Following the election of a new European Parliament and the appointment of a new Commission, the EU will this year embark on a fundamental review of its agriculture policy, which still accounts for 40 per cent of the community’s entire budget. Aside from providing income support to a sector of society that is, more often than not, richer than the average citizen, taxpayers get little for our money. The future must be a common European policy to protect and preserve Europe’s lands, recognising the role played by sustainable farming.

It is certain that such a shift will be fought hard by those who have got used to receiving ‘money for nothing’ but at a time when government budgets are under such strain, we cannot go on like this. In 2009 we discovered where money goes and witnessed the sheer the waste and inequity of a system that in 2008 paid 1,583,120 euro to Prince Hans Adam II of Liechtenstein and 253,987 euro to Prince Albert of Monaco. This year we must start taking action to build a better policy.

Jack Thurston is co-founder of farmsubsidy.org, a network of journalists, researchers and activists pushing for greater transparency in the CAP.

German call for reform of CAP payments

The German Council for Sustainable Development has just published a report highlighting the environmental damage caused by intensive agriculture and calling for a reform of the CAP direct payments system. It proposes a three-fold structure of payments: an environmental basic payment, a series of targeted agri-environmental payments for farmers who accept higher obligations, and a series of payments for high nature-value areas where the continuation of agricultural production is desirable but threatened on economic grounds.

For the environmental basic payment, it suggests that eligibility would be conditional on farmers turning over at least 10% of their area to environmentally-friendly husbandry with a view to maintaining a high level of biodiversity in the agricultural landscape throughout the EU.
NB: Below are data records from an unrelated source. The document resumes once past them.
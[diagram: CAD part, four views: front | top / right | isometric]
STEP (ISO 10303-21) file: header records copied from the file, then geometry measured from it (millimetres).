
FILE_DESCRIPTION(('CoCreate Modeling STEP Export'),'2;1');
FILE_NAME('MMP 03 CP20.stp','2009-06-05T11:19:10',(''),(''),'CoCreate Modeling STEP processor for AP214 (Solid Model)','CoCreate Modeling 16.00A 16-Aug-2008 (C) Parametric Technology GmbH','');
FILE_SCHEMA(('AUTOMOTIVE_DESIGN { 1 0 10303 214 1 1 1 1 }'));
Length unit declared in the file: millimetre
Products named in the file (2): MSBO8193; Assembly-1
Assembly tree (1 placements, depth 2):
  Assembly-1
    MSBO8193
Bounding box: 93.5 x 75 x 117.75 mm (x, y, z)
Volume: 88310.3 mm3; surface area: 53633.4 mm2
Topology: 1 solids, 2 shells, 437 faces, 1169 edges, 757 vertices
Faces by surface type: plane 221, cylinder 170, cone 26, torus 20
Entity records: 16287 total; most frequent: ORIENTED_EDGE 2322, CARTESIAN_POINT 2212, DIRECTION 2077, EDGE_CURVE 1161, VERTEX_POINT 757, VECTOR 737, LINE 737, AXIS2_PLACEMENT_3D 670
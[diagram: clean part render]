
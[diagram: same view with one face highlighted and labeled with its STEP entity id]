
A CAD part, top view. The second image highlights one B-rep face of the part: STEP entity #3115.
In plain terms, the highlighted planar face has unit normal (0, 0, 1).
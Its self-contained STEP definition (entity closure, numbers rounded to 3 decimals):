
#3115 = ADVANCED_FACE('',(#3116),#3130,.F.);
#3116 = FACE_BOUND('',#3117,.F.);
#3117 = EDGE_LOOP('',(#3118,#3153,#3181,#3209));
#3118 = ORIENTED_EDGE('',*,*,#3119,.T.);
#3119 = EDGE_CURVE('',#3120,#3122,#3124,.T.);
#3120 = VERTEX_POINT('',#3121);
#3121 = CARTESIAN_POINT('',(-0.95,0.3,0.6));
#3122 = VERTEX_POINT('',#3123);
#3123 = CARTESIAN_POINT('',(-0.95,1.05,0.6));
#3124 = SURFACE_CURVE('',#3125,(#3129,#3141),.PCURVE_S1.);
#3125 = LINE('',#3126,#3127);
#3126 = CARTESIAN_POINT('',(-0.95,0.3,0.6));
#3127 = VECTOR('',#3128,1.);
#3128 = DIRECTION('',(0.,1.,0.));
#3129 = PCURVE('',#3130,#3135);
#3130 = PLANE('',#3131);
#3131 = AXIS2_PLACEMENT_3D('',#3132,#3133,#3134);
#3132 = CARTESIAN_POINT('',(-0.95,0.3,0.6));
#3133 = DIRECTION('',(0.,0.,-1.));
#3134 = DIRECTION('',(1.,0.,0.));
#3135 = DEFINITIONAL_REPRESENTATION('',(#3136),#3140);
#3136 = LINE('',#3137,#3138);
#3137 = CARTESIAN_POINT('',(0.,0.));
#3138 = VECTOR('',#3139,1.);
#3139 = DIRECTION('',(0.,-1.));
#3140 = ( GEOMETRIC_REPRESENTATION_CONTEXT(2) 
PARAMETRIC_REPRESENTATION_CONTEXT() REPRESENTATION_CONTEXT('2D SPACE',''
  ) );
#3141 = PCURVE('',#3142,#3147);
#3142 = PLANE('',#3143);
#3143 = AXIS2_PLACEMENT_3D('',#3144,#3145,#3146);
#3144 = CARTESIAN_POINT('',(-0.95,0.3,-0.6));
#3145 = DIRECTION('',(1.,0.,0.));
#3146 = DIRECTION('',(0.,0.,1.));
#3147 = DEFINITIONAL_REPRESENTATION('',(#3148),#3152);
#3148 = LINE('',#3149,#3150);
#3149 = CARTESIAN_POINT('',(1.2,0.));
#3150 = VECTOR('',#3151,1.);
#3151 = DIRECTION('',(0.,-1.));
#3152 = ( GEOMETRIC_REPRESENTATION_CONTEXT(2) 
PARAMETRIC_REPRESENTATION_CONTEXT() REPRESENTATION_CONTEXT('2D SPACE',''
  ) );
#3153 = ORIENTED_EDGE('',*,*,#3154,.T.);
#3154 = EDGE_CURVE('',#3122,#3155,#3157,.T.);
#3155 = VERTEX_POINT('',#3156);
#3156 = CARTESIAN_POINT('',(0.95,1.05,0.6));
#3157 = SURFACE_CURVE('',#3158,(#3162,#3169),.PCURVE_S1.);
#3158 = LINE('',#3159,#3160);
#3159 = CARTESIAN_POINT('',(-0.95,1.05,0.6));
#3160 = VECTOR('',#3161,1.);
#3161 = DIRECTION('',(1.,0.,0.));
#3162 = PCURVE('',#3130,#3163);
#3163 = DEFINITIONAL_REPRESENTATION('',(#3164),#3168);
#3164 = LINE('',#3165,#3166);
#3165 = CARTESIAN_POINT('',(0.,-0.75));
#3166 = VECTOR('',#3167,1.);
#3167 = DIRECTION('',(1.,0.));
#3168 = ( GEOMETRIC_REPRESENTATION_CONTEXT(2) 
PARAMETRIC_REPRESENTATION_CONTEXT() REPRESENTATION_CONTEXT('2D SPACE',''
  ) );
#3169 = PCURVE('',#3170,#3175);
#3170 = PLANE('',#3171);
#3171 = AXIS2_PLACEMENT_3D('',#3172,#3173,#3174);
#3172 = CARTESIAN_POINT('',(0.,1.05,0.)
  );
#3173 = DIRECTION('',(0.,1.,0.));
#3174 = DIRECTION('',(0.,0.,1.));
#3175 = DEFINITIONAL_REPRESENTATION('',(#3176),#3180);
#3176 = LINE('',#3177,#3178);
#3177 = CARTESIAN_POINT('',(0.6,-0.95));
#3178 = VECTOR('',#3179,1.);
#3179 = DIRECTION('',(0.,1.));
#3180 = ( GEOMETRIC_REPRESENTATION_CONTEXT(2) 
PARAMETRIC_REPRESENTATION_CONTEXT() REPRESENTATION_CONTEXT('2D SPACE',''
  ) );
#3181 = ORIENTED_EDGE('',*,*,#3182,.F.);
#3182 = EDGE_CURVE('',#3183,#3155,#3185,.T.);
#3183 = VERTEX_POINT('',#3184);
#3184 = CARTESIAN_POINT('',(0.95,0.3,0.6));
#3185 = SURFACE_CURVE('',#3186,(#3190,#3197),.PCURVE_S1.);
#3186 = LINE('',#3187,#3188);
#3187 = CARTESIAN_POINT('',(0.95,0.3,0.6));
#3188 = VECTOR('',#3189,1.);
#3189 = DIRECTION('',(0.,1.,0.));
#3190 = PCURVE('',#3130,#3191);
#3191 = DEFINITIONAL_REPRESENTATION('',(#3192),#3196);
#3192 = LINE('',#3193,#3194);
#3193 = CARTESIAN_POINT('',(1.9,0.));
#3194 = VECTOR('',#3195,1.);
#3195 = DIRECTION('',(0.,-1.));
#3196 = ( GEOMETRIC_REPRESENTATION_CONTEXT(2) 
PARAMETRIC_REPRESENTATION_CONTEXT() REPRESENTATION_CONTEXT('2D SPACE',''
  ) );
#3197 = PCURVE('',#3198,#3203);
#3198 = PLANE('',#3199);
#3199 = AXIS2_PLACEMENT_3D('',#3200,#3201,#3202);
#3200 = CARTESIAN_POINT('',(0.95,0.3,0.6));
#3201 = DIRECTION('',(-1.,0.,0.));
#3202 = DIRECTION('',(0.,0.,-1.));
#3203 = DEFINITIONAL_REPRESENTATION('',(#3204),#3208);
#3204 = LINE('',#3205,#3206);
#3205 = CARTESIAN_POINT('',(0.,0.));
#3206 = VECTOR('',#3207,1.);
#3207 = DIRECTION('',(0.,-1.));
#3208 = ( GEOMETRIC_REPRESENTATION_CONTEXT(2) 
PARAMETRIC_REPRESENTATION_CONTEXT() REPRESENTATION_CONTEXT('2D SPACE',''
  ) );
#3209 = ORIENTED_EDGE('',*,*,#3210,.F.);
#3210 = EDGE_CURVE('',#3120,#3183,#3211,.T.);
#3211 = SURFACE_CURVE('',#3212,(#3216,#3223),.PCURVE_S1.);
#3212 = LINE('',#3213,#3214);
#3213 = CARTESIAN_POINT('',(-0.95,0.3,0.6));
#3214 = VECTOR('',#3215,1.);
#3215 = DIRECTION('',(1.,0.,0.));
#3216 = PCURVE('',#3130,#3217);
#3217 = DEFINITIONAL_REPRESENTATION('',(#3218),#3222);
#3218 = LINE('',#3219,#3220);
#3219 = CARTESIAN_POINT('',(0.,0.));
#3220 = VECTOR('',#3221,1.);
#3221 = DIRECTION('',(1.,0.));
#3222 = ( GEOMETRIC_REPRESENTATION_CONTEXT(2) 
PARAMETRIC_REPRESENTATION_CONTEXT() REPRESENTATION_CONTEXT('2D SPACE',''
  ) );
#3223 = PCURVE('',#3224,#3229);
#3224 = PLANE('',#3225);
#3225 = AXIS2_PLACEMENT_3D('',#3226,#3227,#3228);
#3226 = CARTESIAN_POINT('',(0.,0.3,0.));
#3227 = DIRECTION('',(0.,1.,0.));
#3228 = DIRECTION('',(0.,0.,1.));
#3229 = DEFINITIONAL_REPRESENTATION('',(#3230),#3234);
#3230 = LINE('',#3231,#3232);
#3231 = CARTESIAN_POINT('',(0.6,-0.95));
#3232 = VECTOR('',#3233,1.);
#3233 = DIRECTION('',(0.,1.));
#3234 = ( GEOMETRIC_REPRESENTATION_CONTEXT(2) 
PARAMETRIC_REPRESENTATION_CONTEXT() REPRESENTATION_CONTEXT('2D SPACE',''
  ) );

The Council explicitly argues against the idea that farmers should be remunerated for fulfilling their statutory obligations with respect to the environment, animal welfare and food safety (cross compliance). It also justifies full EU financing of most of the payments “so long as these are directed to fulfilling EU objectives”, thus apparently advocating that some of the existing co-financed agri-environmental payments in Pillar 2 might be moved to Pillar 1 at least as far as financing modalities are concerned.

The report provides an excellent summary of the state of the debate on the environmental implications of agricultural policy (in German only, at least for the moment).

Read it here. Google Translate renders a passable English version of the press release for non-German speakers here.

ELO and BirdLife fire the starting gun

Nothing tells you that a big political debate is hotting up like the emergence of new alliances of odd bedfellows. Yesterday saw a major joint intervention from two of Europe’s biggest, most authoritative and well-connected players in EU agriculture policy.

Birdlife International is a global partnership of conservation organisations. The Royal Society for the Protection of Birds, its member in the UK, boasts well over a million members. The European Landowners Organization is a federation of farmer and landowner associations. Both Birdlife and ELO have members and affiliates in each of the EU’s 27 member states.

They have come together in support of new ‘joint position’ for the future of the CAP. It is based around seven core principals. At its heart is a recognition that agriculture policy should be reoriented towards supporting the active land management practices that are needed to protect the landscape, the environment, preserve biodiversity and ensure for the long term Europe’s capacity to continue as a major producer of food.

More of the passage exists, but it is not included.